It’s not a question of trust in teachers’ professionalism or knowledge – I see it as a major error when people react against concerns about grade inflation by seeking to defend teachers as if their integrity is under attack. This is so common – and it prevents us from having the technical discussions we need. It’s not about cheating. It’s not ‘nonsense’ – as if we can just sweep it away. As I explore in this post, the trust we need is in systems that teacher operate in, not the teachers themselves.
This year, the outcomes have been determined in a way that locks in ‘benefit of the doubt’; the ‘best of three’ effect has fed into teachers’ judgements so a significant increase in top grades was inevitable, especially when any cohort-wide counterbalancing moderation seems to have been negligible. To some this represents a fairer representation of the standards students have reached compared to the exam-dominant system from 2019 and before. That’s hugely debatable in itself but, in any case, it’s important not to confuse this year’s rise with the steady creep of inflation that can happen even when the assessment format is identical year to year.
Why is grade inflation a problem?
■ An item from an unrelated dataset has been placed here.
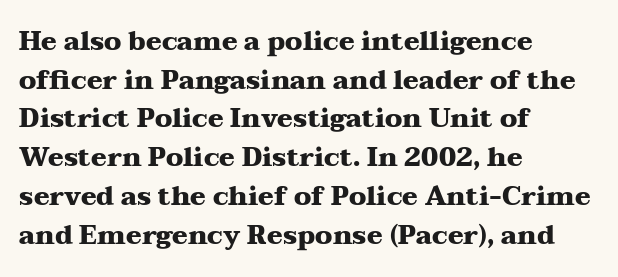
Leading: standard. Glyph-to-glyph distance matches everyday printed text. The face used here has the dense, thick strokes of a bold. These lines stack with their left ends in a neat column.

It matters if we want the grades students receive to have value and credibility – all the grades, not just the ones at the top. Even people who want to dismiss this issue would have a limit. Let’s say the normal pattern is that 25% of grades are A/A* or 7-9 but then it shifts to 30%. Some people will say the usual ‘testament to everyone’s hard work, trust teachers’ stuff and not want to acknowledge the inflation. They will see it as more students having reached the standard, rather than the standard dropping. But what if it then goes to 35%, then 40, 45, 50. At some point everyone commenting on this would reach a point where they’d think – hang on, that’s rather too many people getting the top grades.
Once people doubt the value of grades, everyone loses. In our system, if we are to have a set of graded outcomes, we need some confidence that a grade means a standard – and like it or not, a bell-curve reference is inherently part of that. In my assessment training I often refer to this curve:
It comes from a trial Maths exam taken before new GCSE rolled out. The point is that the shape of the distribution is a property of the performance of the cohort – some 5000 students who took this test. The 0-100 range is scaled from the original lowest to highest raw scores. This is no conspiracy. The question then is how we use this to determine a set of standards and then award credit for reaching them. The grade boundaries are entirely arbitrary. If we run two sets of assessments with similar large cohorts, and want to align the standards of those assessments, the most secure assumption we have is that the distributions of performance would be similar – so we shift the boundaries to make that happen. We invest in extensive moderation. If we let the number of people achieving the higher grades increase year on year, we can be deluded into thinking standards are rising – ie more students are learning more. In fact, it’s more likely we are letting standards slip because we’re making it easier to get the higher grades. This is such an important distinction and if we conflate, ignore, dismiss…. we have a system that people lose faith in – so they start setting their own extra tests and nobody benefits.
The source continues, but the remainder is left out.